Well it *is* WSU so it's sort of a college town… :whistling2:


----------



## slinger58 (Feb 11, 2013)

oldpaintdoc said:


> And that's one of the things I like about myself the least!
> 
> Always Trust Your Cape !


Gotta love ya for your honesty, OPD. I've always respected your posts and wished that you posted more.

Now that old banjo in your avatar is what caught my eye from the get-go, but there I go profiling again!:thumbup:


----------



## RH (Sep 7, 2010)

Ole34 said:


> Profiling is an integral part of human survival ..


For instance, I originally had you profiled as a beer swilling, gun totting, big dog loving sort of guy.

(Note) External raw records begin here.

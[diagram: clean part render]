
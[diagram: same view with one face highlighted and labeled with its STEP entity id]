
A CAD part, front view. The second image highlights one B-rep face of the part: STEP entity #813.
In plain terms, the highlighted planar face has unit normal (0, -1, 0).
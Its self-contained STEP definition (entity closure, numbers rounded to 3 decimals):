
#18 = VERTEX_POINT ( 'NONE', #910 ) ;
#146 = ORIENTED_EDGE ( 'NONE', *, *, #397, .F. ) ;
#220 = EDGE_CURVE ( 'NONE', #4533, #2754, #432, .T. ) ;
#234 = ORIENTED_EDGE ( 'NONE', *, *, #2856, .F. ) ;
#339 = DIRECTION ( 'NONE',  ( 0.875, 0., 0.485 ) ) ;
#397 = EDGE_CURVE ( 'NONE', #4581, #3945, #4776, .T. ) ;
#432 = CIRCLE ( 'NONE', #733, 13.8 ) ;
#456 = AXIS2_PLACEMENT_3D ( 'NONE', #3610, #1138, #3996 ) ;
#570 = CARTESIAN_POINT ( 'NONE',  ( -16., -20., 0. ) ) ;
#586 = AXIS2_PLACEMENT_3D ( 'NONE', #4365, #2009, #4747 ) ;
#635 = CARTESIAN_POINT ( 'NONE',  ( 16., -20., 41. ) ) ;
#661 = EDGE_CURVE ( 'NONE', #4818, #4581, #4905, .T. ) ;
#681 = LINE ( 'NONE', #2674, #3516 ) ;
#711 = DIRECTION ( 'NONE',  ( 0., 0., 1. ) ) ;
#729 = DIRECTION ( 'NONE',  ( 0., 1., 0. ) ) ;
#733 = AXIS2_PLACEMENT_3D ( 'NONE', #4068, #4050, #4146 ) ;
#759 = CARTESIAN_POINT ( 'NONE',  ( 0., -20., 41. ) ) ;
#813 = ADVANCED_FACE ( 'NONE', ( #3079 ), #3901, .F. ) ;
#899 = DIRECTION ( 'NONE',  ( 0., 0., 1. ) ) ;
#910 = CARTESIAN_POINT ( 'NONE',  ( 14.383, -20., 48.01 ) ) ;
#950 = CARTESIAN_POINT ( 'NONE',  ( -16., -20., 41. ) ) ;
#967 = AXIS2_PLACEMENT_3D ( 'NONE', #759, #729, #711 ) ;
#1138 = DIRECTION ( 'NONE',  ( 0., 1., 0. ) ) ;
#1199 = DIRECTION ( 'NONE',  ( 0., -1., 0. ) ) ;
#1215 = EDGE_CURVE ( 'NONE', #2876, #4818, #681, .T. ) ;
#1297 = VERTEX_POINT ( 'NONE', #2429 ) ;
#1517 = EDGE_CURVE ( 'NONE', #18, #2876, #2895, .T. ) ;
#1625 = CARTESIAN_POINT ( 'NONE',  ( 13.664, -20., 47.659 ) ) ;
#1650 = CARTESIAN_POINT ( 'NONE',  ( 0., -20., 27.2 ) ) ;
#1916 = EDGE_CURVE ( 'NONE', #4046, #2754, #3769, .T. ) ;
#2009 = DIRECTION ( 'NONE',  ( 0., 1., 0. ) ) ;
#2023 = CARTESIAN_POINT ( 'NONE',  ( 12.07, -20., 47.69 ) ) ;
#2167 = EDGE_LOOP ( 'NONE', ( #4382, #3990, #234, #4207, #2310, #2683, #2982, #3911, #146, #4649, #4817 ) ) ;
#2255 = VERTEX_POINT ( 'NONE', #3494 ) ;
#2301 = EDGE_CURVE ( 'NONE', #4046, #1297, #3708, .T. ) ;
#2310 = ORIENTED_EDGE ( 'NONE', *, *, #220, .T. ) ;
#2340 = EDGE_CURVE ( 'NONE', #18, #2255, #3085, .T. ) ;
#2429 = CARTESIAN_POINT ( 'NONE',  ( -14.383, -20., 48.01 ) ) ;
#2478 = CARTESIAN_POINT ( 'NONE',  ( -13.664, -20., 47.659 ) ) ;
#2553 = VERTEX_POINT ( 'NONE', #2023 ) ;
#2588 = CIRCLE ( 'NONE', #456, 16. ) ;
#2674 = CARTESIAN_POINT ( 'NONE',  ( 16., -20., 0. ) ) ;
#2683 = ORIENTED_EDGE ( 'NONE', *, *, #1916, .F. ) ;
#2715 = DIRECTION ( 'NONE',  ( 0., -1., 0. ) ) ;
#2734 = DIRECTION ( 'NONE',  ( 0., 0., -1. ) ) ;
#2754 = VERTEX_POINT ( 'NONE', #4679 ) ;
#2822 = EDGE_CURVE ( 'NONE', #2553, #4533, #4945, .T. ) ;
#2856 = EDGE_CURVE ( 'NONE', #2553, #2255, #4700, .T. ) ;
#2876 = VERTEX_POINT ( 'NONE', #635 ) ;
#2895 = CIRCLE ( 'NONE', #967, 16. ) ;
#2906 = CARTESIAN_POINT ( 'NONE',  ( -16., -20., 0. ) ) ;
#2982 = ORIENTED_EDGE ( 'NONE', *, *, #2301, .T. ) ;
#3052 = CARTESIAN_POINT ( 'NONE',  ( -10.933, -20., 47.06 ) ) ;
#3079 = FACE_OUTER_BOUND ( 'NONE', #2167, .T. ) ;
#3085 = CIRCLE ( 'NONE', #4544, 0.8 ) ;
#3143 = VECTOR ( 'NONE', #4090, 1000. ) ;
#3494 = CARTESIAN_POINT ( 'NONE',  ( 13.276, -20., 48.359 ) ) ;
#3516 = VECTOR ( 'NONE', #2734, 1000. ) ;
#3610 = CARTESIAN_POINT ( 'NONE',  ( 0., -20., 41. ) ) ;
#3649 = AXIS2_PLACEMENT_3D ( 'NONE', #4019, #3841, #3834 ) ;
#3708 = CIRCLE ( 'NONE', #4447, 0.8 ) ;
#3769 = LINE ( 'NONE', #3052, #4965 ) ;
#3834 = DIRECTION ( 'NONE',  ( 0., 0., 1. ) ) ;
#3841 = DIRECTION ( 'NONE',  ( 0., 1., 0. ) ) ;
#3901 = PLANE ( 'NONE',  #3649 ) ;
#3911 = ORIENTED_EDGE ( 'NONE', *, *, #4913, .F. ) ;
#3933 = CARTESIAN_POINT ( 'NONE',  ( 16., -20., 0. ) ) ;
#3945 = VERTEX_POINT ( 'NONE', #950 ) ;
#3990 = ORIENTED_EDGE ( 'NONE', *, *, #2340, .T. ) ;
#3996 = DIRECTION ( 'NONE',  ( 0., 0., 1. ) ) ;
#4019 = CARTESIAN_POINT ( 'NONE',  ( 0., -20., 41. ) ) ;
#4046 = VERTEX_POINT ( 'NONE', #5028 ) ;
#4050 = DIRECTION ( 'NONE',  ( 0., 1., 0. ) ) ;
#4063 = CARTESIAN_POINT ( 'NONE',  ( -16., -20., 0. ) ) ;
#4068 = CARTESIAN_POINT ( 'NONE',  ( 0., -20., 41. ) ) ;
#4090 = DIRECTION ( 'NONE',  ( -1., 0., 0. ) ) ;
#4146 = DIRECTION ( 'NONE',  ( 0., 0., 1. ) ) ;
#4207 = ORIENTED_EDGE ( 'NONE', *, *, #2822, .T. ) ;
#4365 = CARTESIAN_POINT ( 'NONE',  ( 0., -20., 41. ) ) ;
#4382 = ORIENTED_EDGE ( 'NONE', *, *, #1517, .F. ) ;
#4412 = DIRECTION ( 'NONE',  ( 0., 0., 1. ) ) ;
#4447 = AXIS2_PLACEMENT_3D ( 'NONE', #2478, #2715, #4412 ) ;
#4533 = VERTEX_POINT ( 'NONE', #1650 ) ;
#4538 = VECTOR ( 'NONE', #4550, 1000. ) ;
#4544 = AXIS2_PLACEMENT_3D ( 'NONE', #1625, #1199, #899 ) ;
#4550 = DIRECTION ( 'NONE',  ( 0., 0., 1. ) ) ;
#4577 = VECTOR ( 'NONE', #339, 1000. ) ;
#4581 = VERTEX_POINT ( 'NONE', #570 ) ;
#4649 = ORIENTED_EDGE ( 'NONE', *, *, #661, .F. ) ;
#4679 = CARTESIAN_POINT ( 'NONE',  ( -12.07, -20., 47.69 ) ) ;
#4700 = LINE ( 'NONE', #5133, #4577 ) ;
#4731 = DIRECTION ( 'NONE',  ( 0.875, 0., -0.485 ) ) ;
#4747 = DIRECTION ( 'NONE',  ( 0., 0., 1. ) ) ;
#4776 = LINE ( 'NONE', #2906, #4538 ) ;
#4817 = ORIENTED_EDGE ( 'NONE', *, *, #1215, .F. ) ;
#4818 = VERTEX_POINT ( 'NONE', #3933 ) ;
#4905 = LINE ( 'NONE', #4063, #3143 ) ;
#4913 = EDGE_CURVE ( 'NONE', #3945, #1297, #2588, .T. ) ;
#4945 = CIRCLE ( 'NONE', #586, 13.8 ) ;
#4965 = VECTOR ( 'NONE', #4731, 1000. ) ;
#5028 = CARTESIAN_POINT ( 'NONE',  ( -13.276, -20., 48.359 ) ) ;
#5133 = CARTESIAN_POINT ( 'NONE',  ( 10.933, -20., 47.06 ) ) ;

But in reality, I know from others that you prefer a vintage sherry, enjoy crocheting and stamp collecting, and own a Sh*tzu with a bow on it's head. See how profiling can be so very, very misleading. :yes:


----------



## Gough (Nov 24, 2010)

RH said:


> Well it *is* WSU so it's sort of a college town… :whistling2:


RH, that's what the computer people call an "off-by-one error". Remember, close only counts in two things.


----------



## slinger58 (Feb 11, 2013)

RH said:


> For instance, I originally had you profiled as a beer swilling, gun totting, big dog loving sort of guy.
> 
> But in reality, I know from others that you prefer a vintage sherry, enjoy crocheting and stamp collecting, and own a Sh*tzu with a bow on it's head. See how profiling can be so very, very misleading. :yes:


I would like to see a picture of that.

And I'm sure many others would, too.


----------



## slinger58 (Feb 11, 2013)

Gough said:


> RH, that's what the computer people call an "off-by-one error". Remember, close only counts in two things.

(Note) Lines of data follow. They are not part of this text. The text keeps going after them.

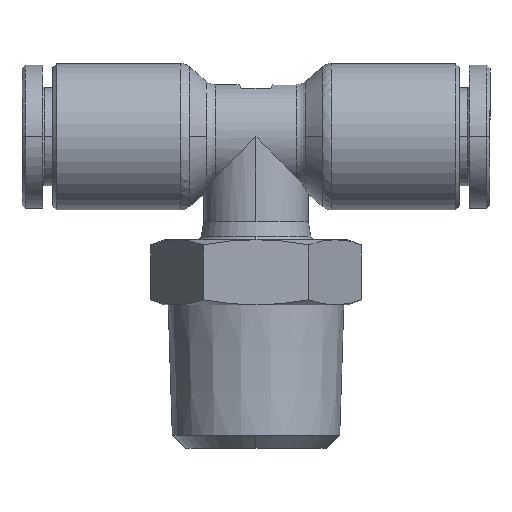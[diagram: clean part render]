
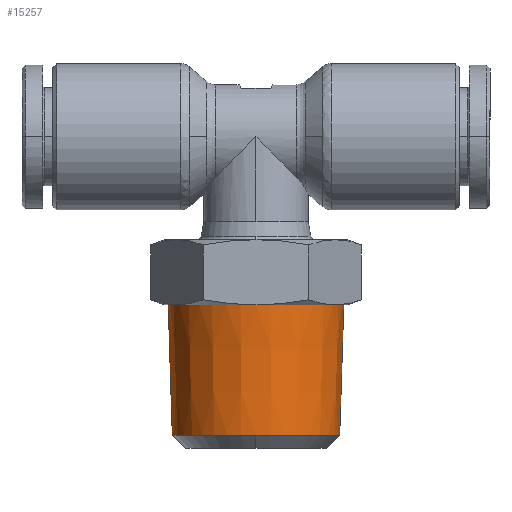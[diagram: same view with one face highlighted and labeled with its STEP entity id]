
A CAD part, front view. The second image highlights one B-rep face of the part: STEP entity #15257.
In plain terms, the highlighted conical face has half-angle 1.791 degrees and reference radius 6.734 mm.
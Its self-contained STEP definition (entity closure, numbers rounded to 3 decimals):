
#651 = DIRECTION ( 'NONE',  ( 1., 0., 0. ) ) ;
#932 = VECTOR ( 'NONE', #11499, 1000. ) ;
#1499 = VERTEX_POINT ( 'NONE', #2537 ) ;
#1550 = DIRECTION ( 'NONE',  ( 0., 0., 1. ) ) ;
#1634 = VERTEX_POINT ( 'NONE', #13008 ) ;
#2038 = CARTESIAN_POINT ( 'NONE',  ( 8.017, 0., -13.116 ) ) ;
#2459 = CARTESIAN_POINT ( 'NONE',  ( 7.704, 0., -23.117 ) ) ;
#2537 = CARTESIAN_POINT ( 'NONE',  ( 8.017, 0., -13.116 ) ) ;
#3022 = CARTESIAN_POINT ( 'NONE',  ( 1.282, 0., -23.117 ) ) ;
#3279 = ORIENTED_EDGE ( 'NONE', *, *, #11583, .T. ) ;
#3284 = AXIS2_PLACEMENT_3D ( 'NONE', #9004, #14596, #17517 ) ;
#3383 = EDGE_CURVE ( 'NONE', #16966, #1499, #5570, .T. ) ;
#3496 = VECTOR ( 'NONE', #14972, 1000. ) ;
#4077 = EDGE_CURVE ( 'NONE', #1499, #18413, #8181, .T. ) ;
#4701 = ORIENTED_EDGE ( 'NONE', *, *, #3383, .T. ) ;
#5459 = EDGE_CURVE ( 'NONE', #15051, #1634, #12437, .T. ) ;
#5496 = CARTESIAN_POINT ( 'NONE',  ( -5.452, 0., -13.116 ) ) ;
#5570 = LINE ( 'NONE', #2038, #3496 ) ;
#5947 = CARTESIAN_POINT ( 'NONE',  ( -5.452, 0., -13.116 ) ) ;
#6144 = DIRECTION ( 'NONE',  ( 0., 0., -1. ) ) ;
#6353 = DIRECTION ( 'NONE',  ( 0., 0., 1. ) ) ;
#6639 = CONICAL_SURFACE ( 'NONE', #3284, 6.734, 0.031 ) ;
#7339 = LINE ( 'NONE', #5947, #932 ) ;
#7524 = CARTESIAN_POINT ( 'NONE',  ( 1.282, 0., -13.116 ) ) ;
#7910 = CARTESIAN_POINT ( 'NONE',  ( 1.282, 0., -23.117 ) ) ;
#8181 = CIRCLE ( 'NONE', #15920, 6.734 ) ;
#8592 = EDGE_LOOP ( 'NONE', ( #13588, #10447, #3279, #4701, #15303 ) ) ;
#8740 = DIRECTION ( 'NONE',  ( 1., 0., 0. ) ) ;
#9004 = CARTESIAN_POINT ( 'NONE',  ( 1.282, 0., -13.116 ) ) ;
#10447 = ORIENTED_EDGE ( 'NONE', *, *, #5459, .T. ) ;
#11150 = FACE_OUTER_BOUND ( 'NONE', #8592, .T. ) ;
#11499 = DIRECTION ( 'NONE',  ( -0.031, 0., 1. ) ) ;
#11583 = EDGE_CURVE ( 'NONE', #1634, #16966, #14220, .T. ) ;
#11614 = CARTESIAN_POINT ( 'NONE',  ( -5.14, 0., -23.117 ) ) ;
#11950 = DIRECTION ( 'NONE',  ( 1., 0., 0. ) ) ;
#12437 = CIRCLE ( 'NONE', #16704, 6.422 ) ;
#13008 = CARTESIAN_POINT ( 'NONE',  ( 1.282, -6.422, -23.117 ) ) ;
#13588 = ORIENTED_EDGE ( 'NONE', *, *, #17476, .F. ) ;
#14220 = CIRCLE ( 'NONE', #15215, 6.422 ) ;
#14596 = DIRECTION ( 'NONE',  ( 0., 0., 1. ) ) ;
#14972 = DIRECTION ( 'NONE',  ( 0.031, 0., 1. ) ) ;
#15051 = VERTEX_POINT ( 'NONE', #11614 ) ;
#15215 = AXIS2_PLACEMENT_3D ( 'NONE', #7910, #6353, #651 ) ;
#15257 = ADVANCED_FACE ( 'NONE', ( #11150 ), #6639, .T. ) ;
#15303 = ORIENTED_EDGE ( 'NONE', *, *, #4077, .T. ) ;
#15920 = AXIS2_PLACEMENT_3D ( 'NONE', #7524, #6144, #11950 ) ;
#16704 = AXIS2_PLACEMENT_3D ( 'NONE', #3022, #1550, #8740 ) ;
#16966 = VERTEX_POINT ( 'NONE', #2459 ) ;
#17476 = EDGE_CURVE ( 'NONE', #15051, #18413, #7339, .T. ) ;
#17517 = DIRECTION ( 'NONE',  ( 1., 0., 0. ) ) ;
#18413 = VERTEX_POINT ( 'NONE', #5496 ) ;

I'm starting to think that with Gough and RH untethered now, this place may not be the same as it was a year ago. :no:


----------



## Gough (Nov 24, 2010)

slinger58 said:


> Gotta love ya for your honesty, OPD. I've always respected your posts and wished that you posted more.
> 
> Now that old banjo in your avatar is what caught my eye from the get-go, but there I go profiling again!:thumbup:


Slinger, for ten trivia points, can you tell me whose banjo it is?? For a hint: it's practically in Current Events.


----------



## MHPaint (Feb 12, 2014)

I let my guys with any of those work in the housing construction since there is no HO around. But for the remodeling jobs i make sure my crew is clean and punctual when HO is there. always want the HO to feel comfortable. Not everyone with tattoos and long hair are bad.


----------



## Repaint Florida (May 31, 2012)

a beer swilling, gun totting, big dog loving sort of guy ...

leave me out of this


----------



## slinger58 (Feb 11, 2013)

Gough said:


> Slinger, for ten trivia points, can you tell me whose banjo it is?? For a hint: it's practically in Current Events.

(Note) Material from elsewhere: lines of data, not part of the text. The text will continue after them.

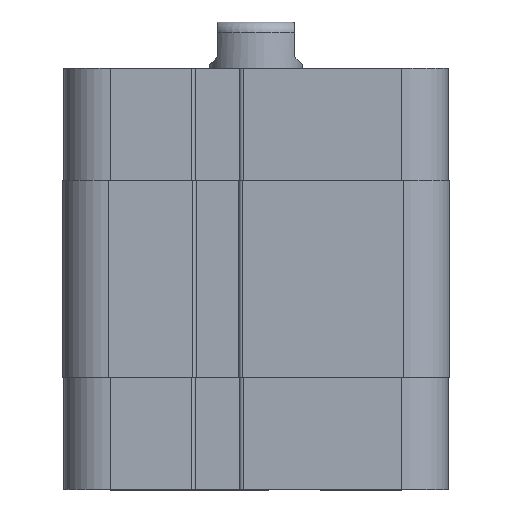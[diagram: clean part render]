
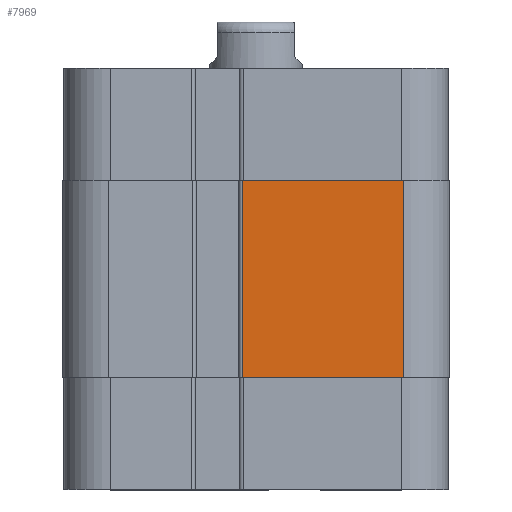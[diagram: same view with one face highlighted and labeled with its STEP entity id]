
A CAD part, top view. The second image highlights one B-rep face of the part: STEP entity #7969.
In plain terms, the highlighted planar face has unit normal (0, 0, 1).
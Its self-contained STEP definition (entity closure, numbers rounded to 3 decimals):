
#5674=CARTESIAN_POINT('',(19.05,-12.75,25.05));
#5675=VERTEX_POINT('',#5674);
#5683=CARTESIAN_POINT('',(-1.75,-12.75,25.05));
#5684=VERTEX_POINT('',#5683);
#5685=CARTESIAN_POINT('',(-1.75,-12.75,25.05));
#5686=DIRECTION('',(1.0,0.0,0.0));
#5687=VECTOR('',#5686,20.8);
#5688=LINE('',#5685,#5687);
#5689=EDGE_CURVE('',#5684,#5675,#5688,.T.);
#7451=CARTESIAN_POINT('',(-1.75,12.75,25.05));
#7452=VERTEX_POINT('',#7451);
#7460=CARTESIAN_POINT('',(19.05,12.75,25.05));
#7461=VERTEX_POINT('',#7460);
#7462=CARTESIAN_POINT('',(19.05,12.75,25.05));
#7463=DIRECTION('',(-1.0,0.0,0.0));
#7464=VECTOR('',#7463,20.8);
#7465=LINE('',#7462,#7464);
#7466=EDGE_CURVE('',#7461,#7452,#7465,.T.);
#7937=CARTESIAN_POINT('',(19.05,-12.75,25.05));
#7938=DIRECTION('',(0.0,1.0,0.0));
#7939=VECTOR('',#7938,25.5);
#7940=LINE('',#7937,#7939);
#7941=EDGE_CURVE('',#5675,#7461,#7940,.T.);
#7953=CARTESIAN_POINT('',(19.05,0.0,25.05));
#7954=DIRECTION('',(0.0,0.0,1.0));
#7955=DIRECTION('',(1.0,0.0,0.0));
#7956=AXIS2_PLACEMENT_3D('',#7953,#7954,#7955);
#7957=PLANE('',#7956);
#7958=ORIENTED_EDGE('',*,*,#7466,.T.);
#7959=CARTESIAN_POINT('',(-1.75,-12.75,25.05));
#7960=DIRECTION('',(0.0,1.0,0.0));
#7961=VECTOR('',#7960,25.5);
#7962=LINE('',#7959,#7961);
#7963=EDGE_CURVE('',#5684,#7452,#7962,.T.);
#7964=ORIENTED_EDGE('',*,*,#7963,.F.);
#7965=ORIENTED_EDGE('',*,*,#5689,.T.);
#7966=ORIENTED_EDGE('',*,*,#7941,.T.);
#7967=EDGE_LOOP('',(#7958,#7964,#7965,#7966));
#7968=FACE_OUTER_BOUND('',#7967,.T.);
#7969=ADVANCED_FACE('',(#7968),#7957,.T.);

Well, I don't have much to go on. Figuring current events, my first guess would be Earl Scruggs. After that my guesses would be Bill Keith or Bela Fleck. 
After that, I don't know.


----------



## oldpaintdoc (Apr 11, 2010)

slinger58 said:


> Well, I don't have much to go on. Figuring current events, my first guess would be Earl Scruggs. After that my guesses would be Bill Keith or Bela Fleck.
> After that, I don't know.


Wrong.

Always Trust Your Cape !


----------



## Gough (Nov 24, 2010)

slinger58 said:


> Well, I don't have much to go on. Figuring current events, my first guess would be Earl Scruggs. After that my guesses would be Bill Keith or Bela Fleck.
> After that, I don't know.


Did you see what was written on the banjo? "This machine surrounds hate and causes it to surrender." It's a toned-done version of what his buddy Woody had on his guitars.


----------



## slinger58 (Feb 11, 2013)

oldpaintdoc said:


> Wrong.
> 
> Always Trust Your Cape !


Well, give me another hint, guys. 
I mean, dang; its only a picture!!!


----------



## slinger58 (Feb 11, 2013)

Gough said:


> Did you see what was written on the banjo? "This machine surrounds hate and causes it to surrender." It's a toned-done version of what his buddy Woody had on his guitars.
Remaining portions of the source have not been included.